▸ **Problem details**: Pictures should not appear in the copy; the records themselves must be written out exactly.

▸ **Extracted records**:
——
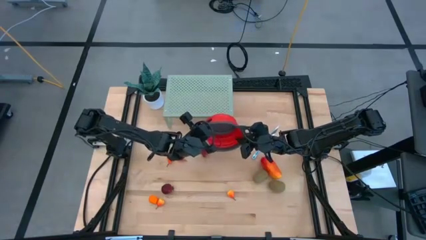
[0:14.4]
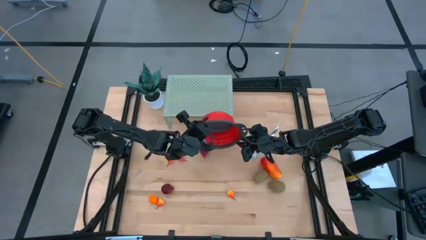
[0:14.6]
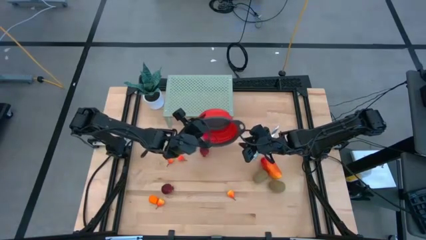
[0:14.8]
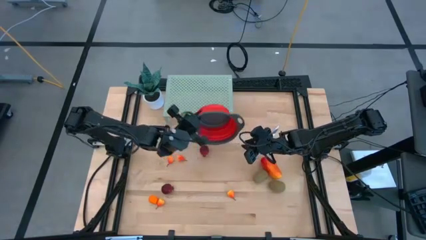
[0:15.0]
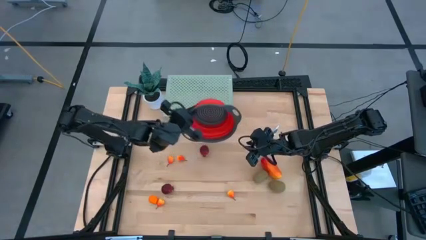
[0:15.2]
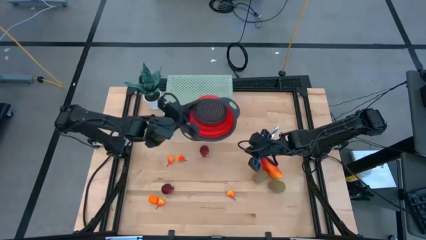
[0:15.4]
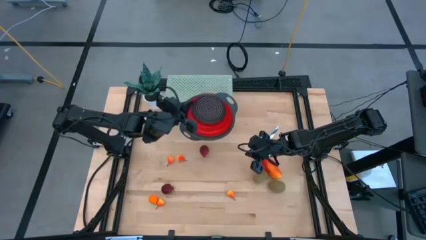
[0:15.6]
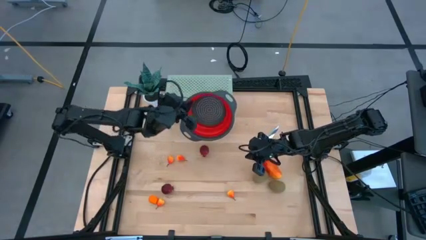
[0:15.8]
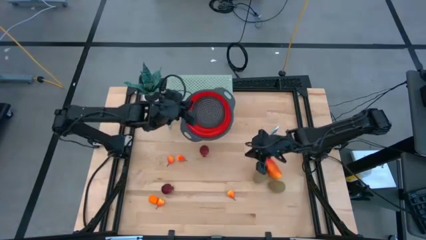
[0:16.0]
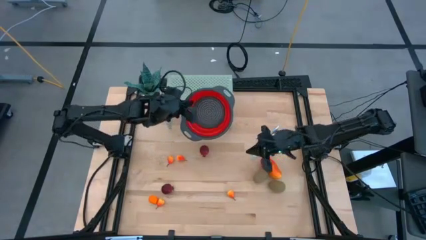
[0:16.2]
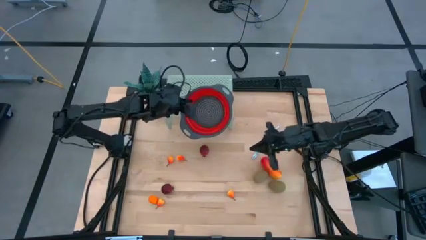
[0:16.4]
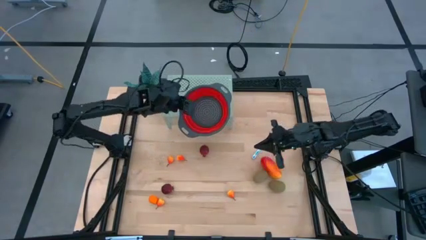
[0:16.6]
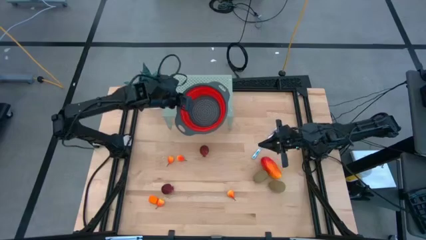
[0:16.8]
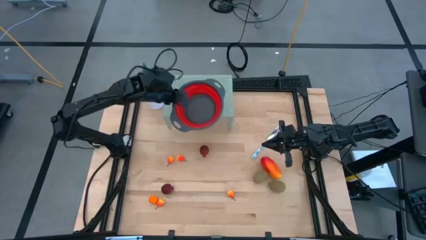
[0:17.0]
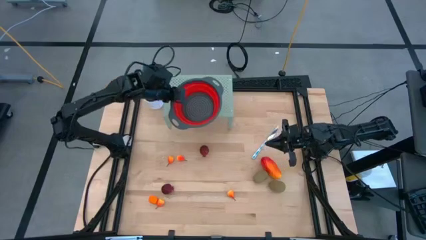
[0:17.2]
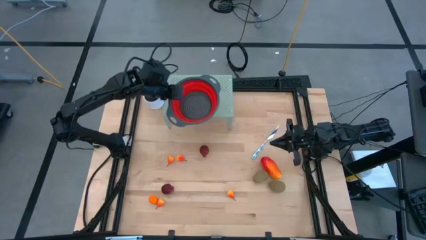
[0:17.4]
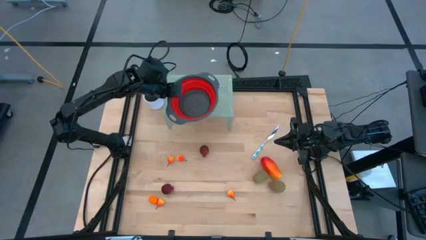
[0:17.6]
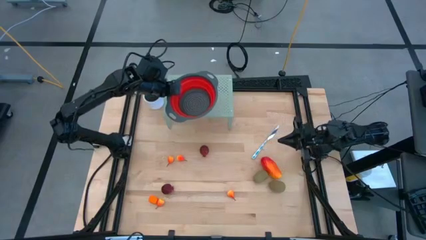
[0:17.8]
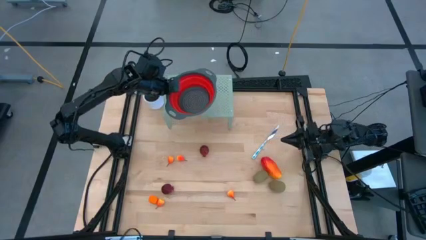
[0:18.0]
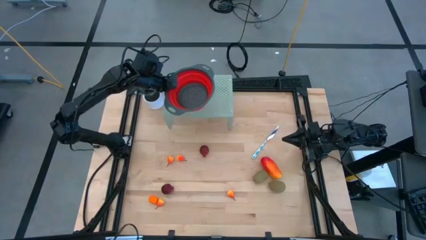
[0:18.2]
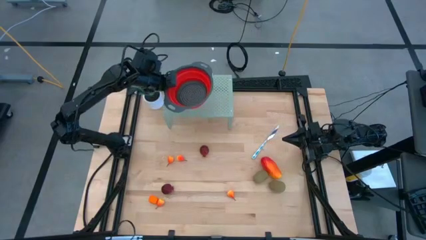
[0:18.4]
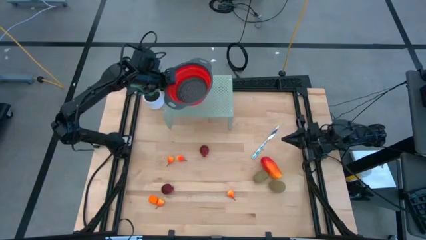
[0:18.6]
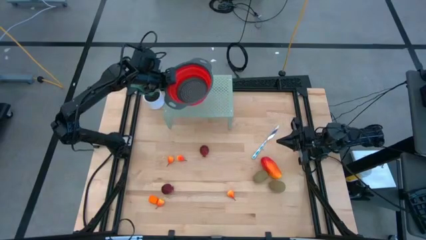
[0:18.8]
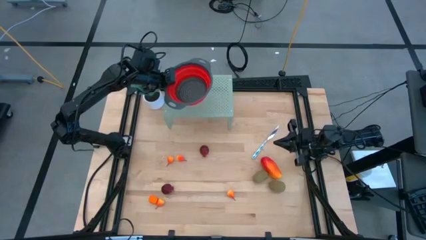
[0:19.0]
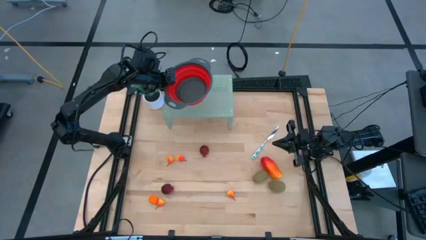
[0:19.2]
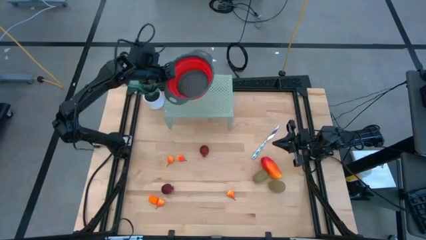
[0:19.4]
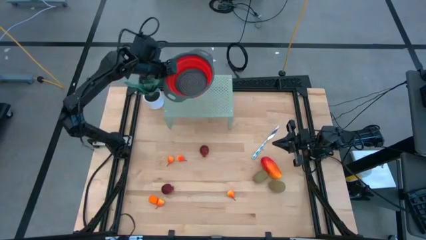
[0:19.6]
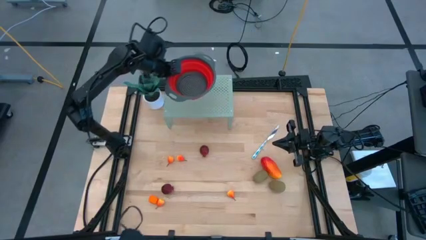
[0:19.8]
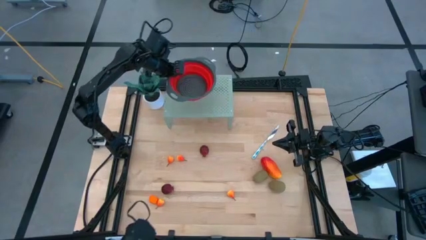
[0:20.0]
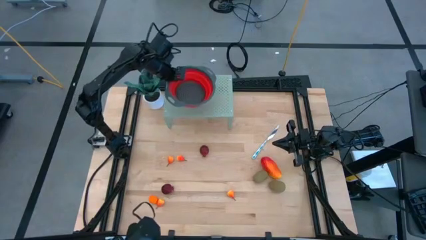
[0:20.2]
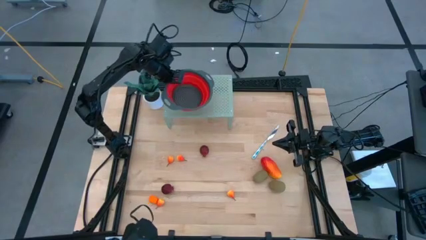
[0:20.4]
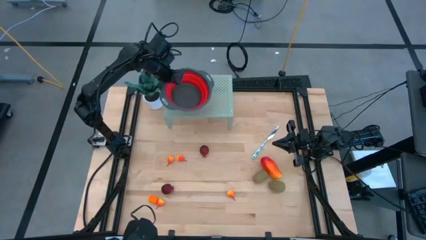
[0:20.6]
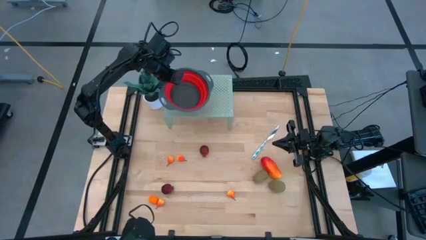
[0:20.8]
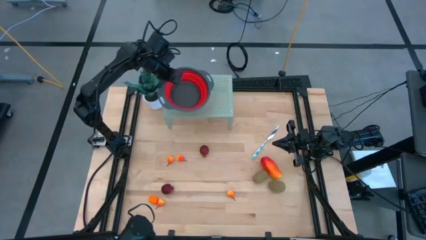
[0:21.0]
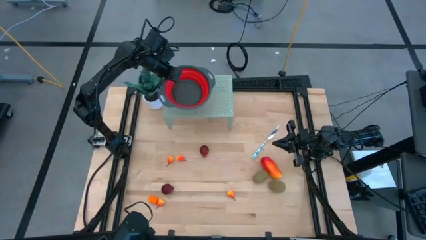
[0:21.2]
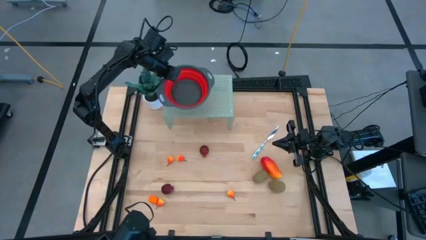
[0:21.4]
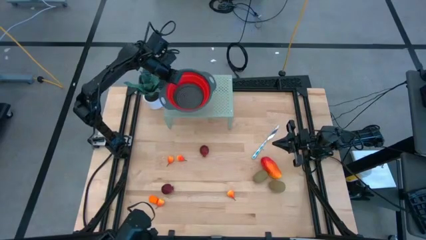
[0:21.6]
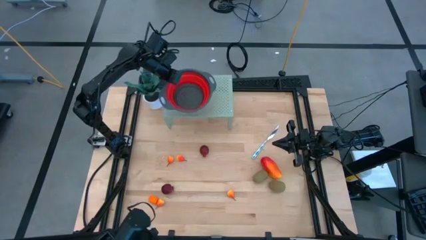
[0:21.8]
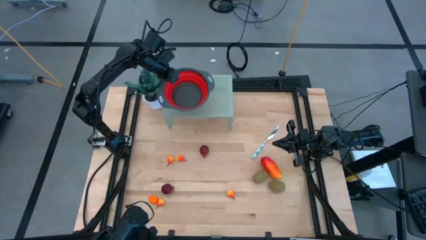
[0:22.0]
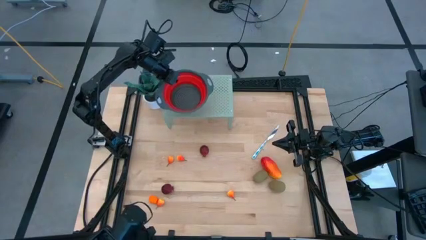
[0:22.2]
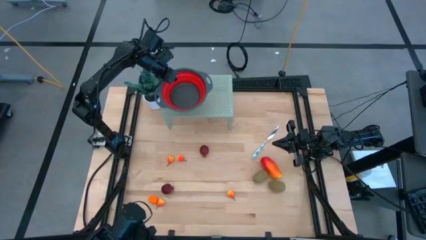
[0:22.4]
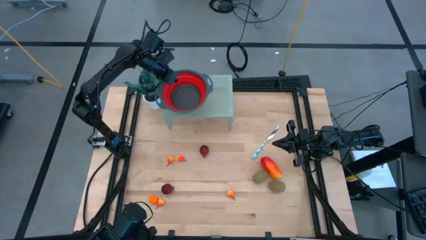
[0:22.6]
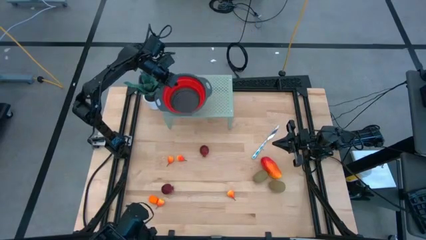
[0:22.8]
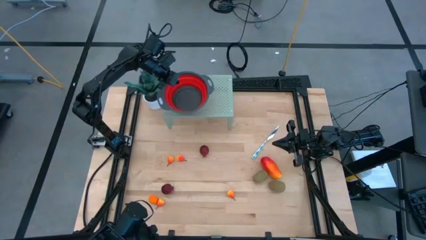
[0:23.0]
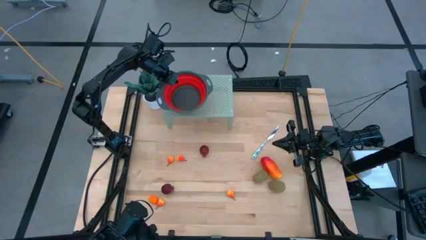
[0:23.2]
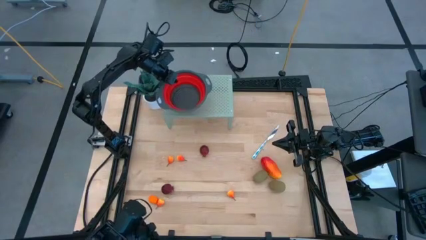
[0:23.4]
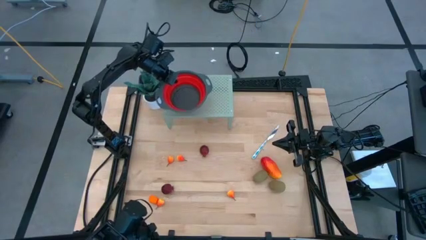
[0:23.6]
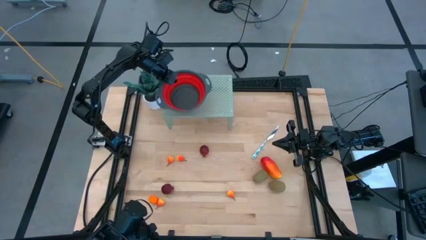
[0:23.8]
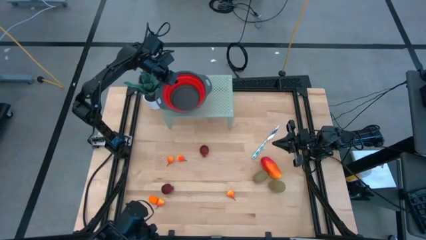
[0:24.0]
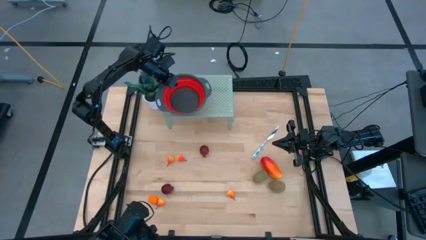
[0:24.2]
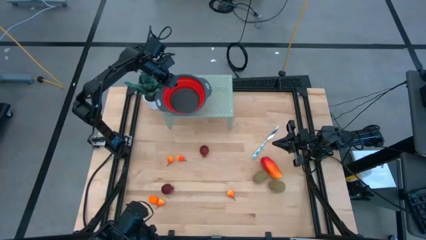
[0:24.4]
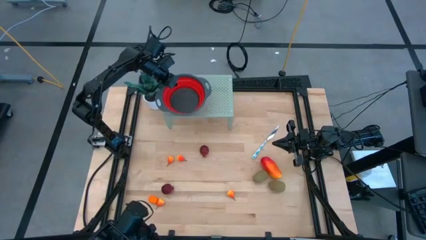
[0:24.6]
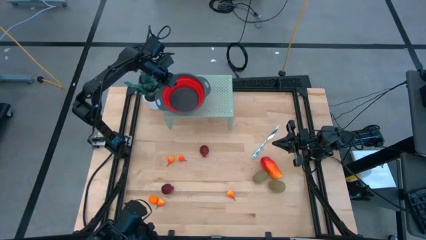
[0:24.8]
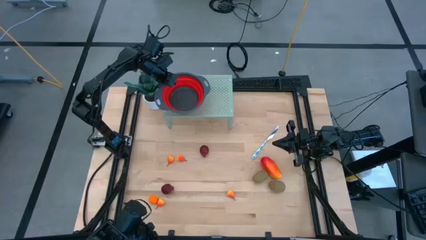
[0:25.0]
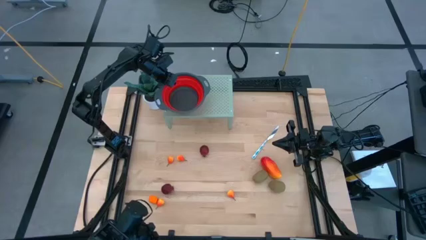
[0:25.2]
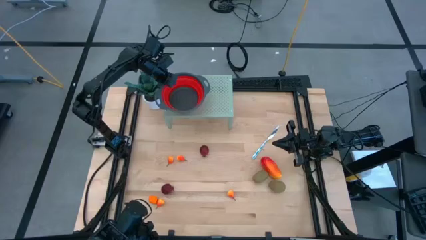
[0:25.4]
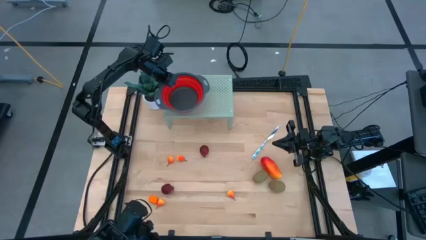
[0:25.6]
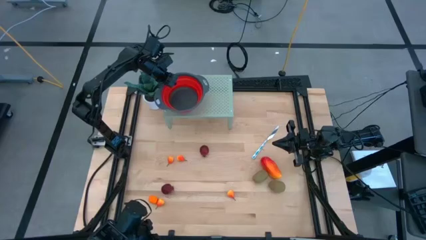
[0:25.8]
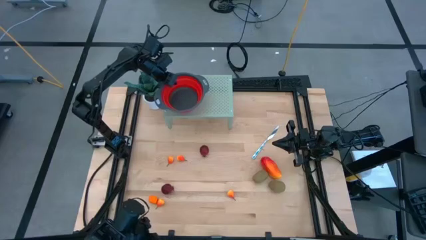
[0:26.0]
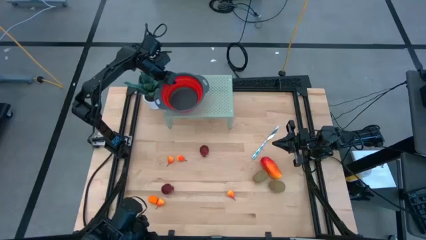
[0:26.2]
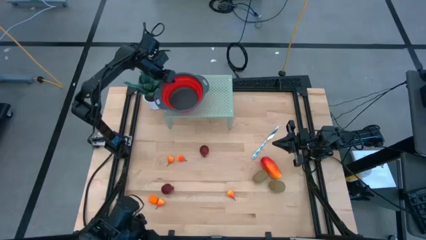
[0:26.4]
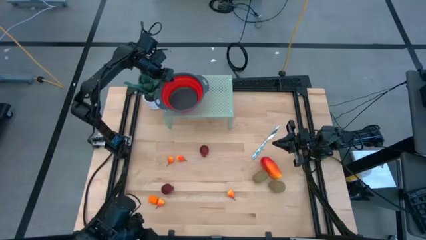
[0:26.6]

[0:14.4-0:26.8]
Task: Pick & Place Fruit
Put the red strainer bowl on the shelf
——
▸ **Your solution**:
[0:14.4]
[0:14.6]
[0:14.8]
[0:15.0]
[0:15.2]
[0:15.4]
[0:15.6]
[0:15.8]
[0:16.0]
[0:16.2]
[0:16.4]
[0:16.6]
[0:16.8]
[0:17.0]
[0:17.2]
[0:17.4]
[0:17.6]
[0:17.8]
[0:18.0]
[0:18.2]
[0:18.4]
[0:18.6]
[0:18.8]
[0:19.0]
[0:19.2]
[0:19.4]
[0:19.6]
[0:19.8]
[0:20.0]
[0:20.2]
[0:20.4]
[0:20.6]
[0:20.8]
[0:21.0]
[0:21.2]
[0:21.4]
[0:21.6]
[0:21.8]
[0:22.0]
[0:22.2]
[0:22.4]
[0:22.6]
[0:22.8]
[0:23.0]
[0:23.2]
[0:23.4]
[0:23.6]
[0:23.8]
[0:24.0]
[0:24.2]
[0:24.4]
[0:24.6]
[0:24.8]
[0:25.0]
[0:25.2]
[0:25.4]
[0:25.6]
[0:25.8]
[0:26.0]
[0:26.2]
[0:26.4]
[0:26.6]

[0:14.4-0:26.8]
Task: Pick & Place Fruit
Put the red strainer bowl on the shelf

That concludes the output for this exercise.